About this exercise - Each line starting at the one that contains "different hotbar slot." and ending at the one that contains "If multiple actions" must be returned exactly, and the rest of the listing is left out.

Exercise data -
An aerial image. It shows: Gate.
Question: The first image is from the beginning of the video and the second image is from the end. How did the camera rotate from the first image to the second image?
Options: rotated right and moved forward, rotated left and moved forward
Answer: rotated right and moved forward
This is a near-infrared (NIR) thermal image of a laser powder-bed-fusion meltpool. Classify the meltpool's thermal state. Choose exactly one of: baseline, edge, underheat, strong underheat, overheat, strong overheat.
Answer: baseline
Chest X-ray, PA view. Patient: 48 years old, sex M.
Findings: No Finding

--

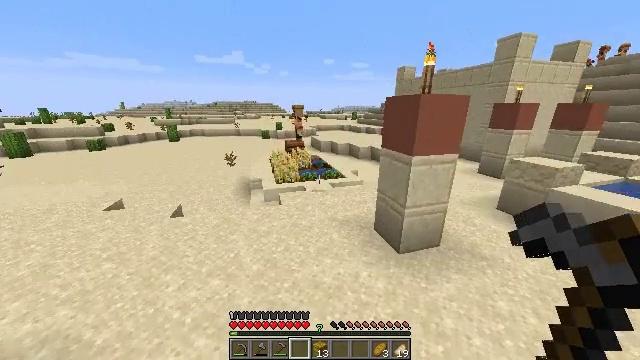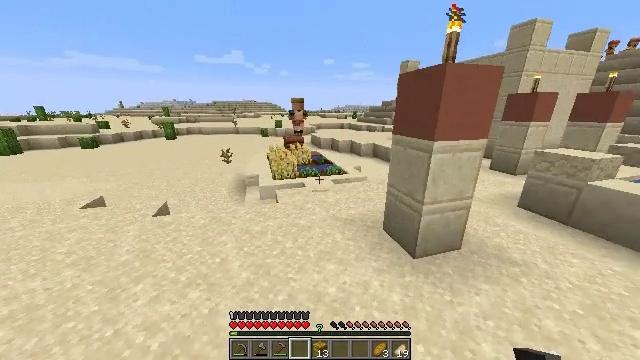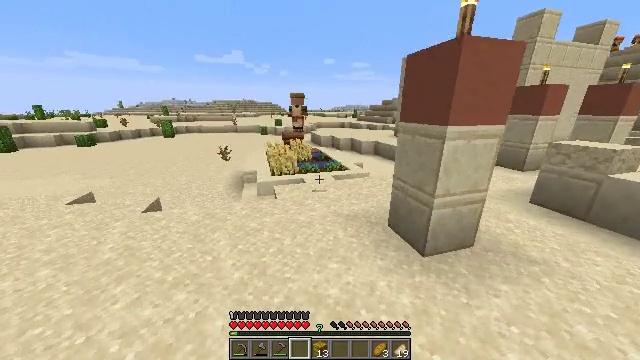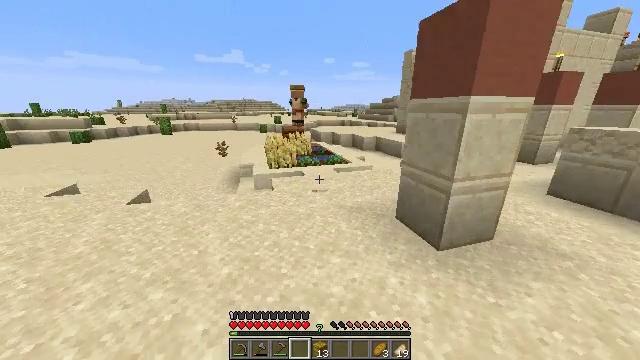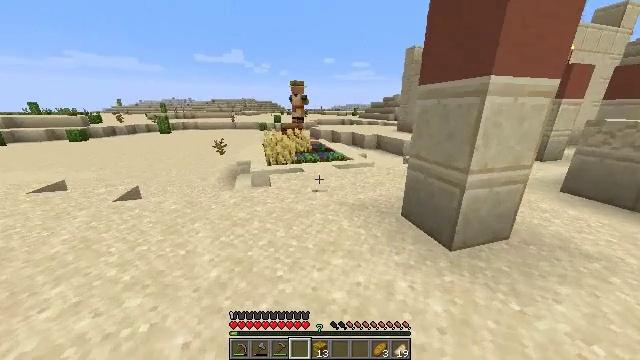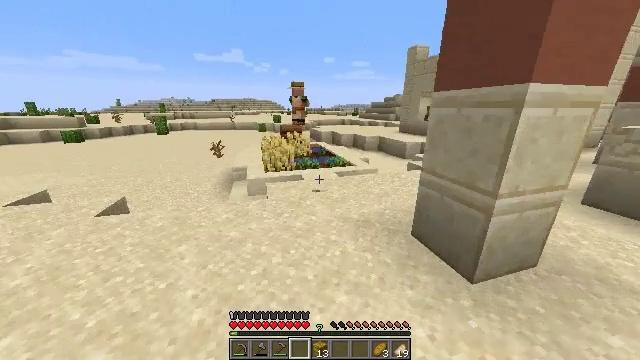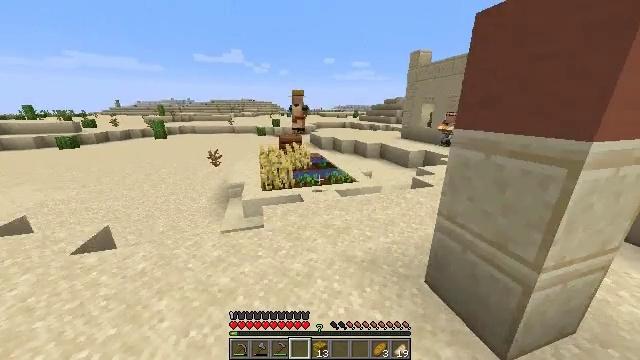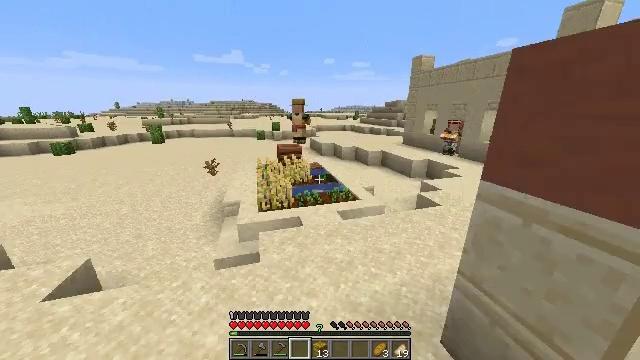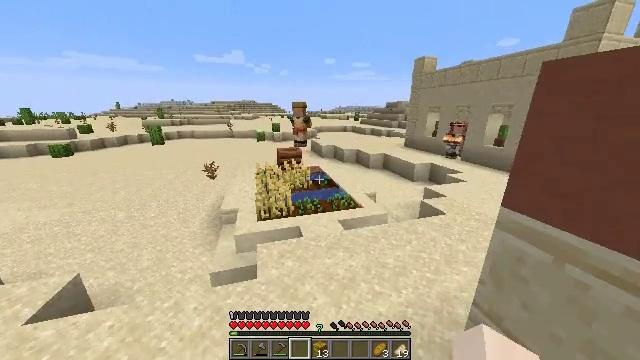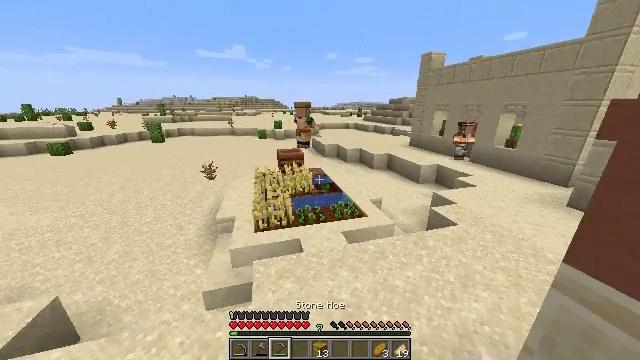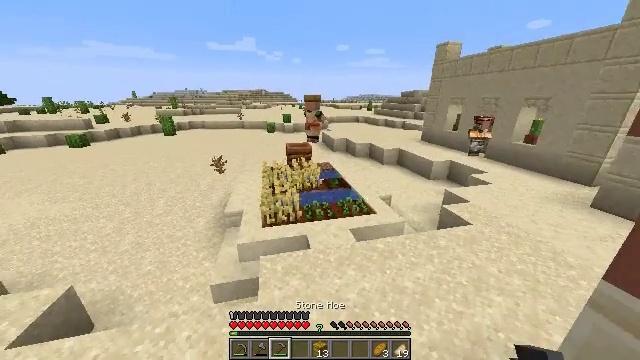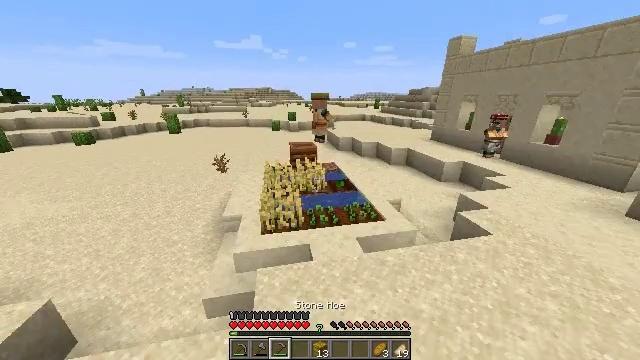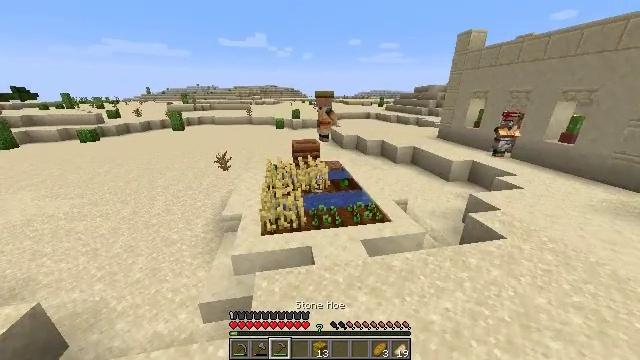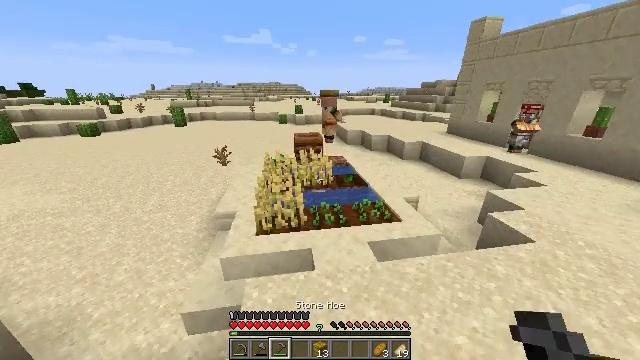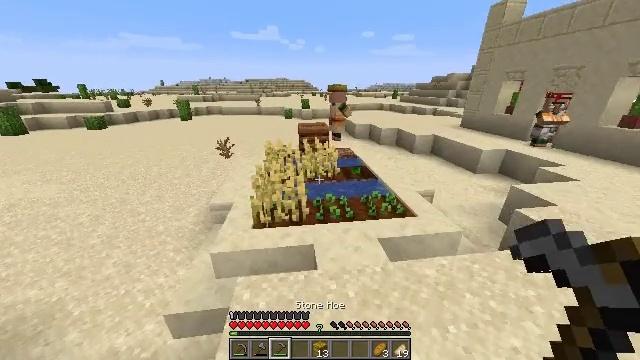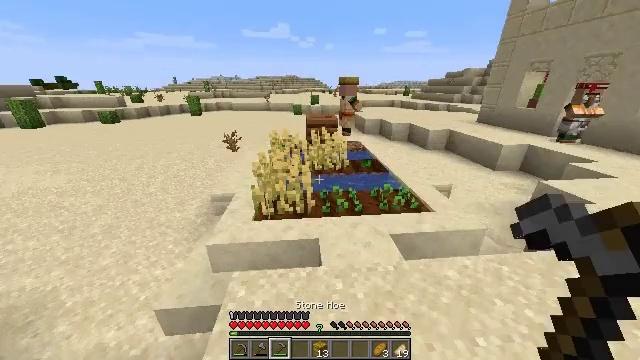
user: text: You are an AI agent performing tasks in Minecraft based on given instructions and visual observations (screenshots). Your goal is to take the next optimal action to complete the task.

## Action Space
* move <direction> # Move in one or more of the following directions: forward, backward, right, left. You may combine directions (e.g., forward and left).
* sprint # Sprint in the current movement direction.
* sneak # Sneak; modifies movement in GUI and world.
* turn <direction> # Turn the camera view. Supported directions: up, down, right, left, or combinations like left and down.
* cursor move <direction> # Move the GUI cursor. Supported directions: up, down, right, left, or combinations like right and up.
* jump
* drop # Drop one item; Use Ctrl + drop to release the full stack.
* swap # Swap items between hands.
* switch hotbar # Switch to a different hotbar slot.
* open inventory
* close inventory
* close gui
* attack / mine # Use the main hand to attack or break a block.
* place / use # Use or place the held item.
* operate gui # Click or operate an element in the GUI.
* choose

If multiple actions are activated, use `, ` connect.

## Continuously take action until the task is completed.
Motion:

---

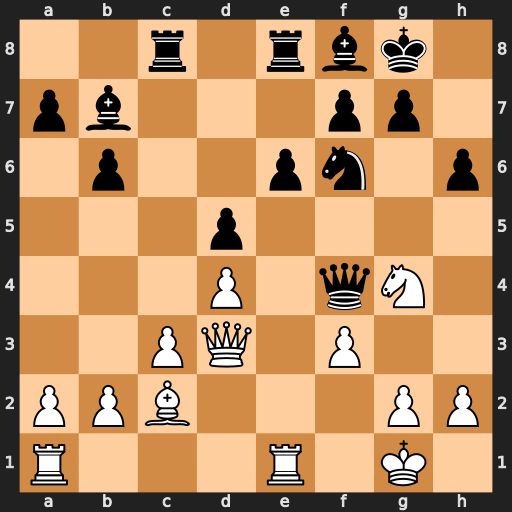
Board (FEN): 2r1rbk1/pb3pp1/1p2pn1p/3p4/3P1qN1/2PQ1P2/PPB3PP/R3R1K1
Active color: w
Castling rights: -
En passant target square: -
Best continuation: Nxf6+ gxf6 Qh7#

Response area -
* switch hotbar # Switch to a different hotbar slot.
* open inventory
* close inventory
* close gui
* attack / mine # Use the main hand to attack or break a block.
* place / use # Use or place the held item.
* operate gui # Click or operate an element in the GUI.
* choose

If multiple actions are activated, use `, ` connect.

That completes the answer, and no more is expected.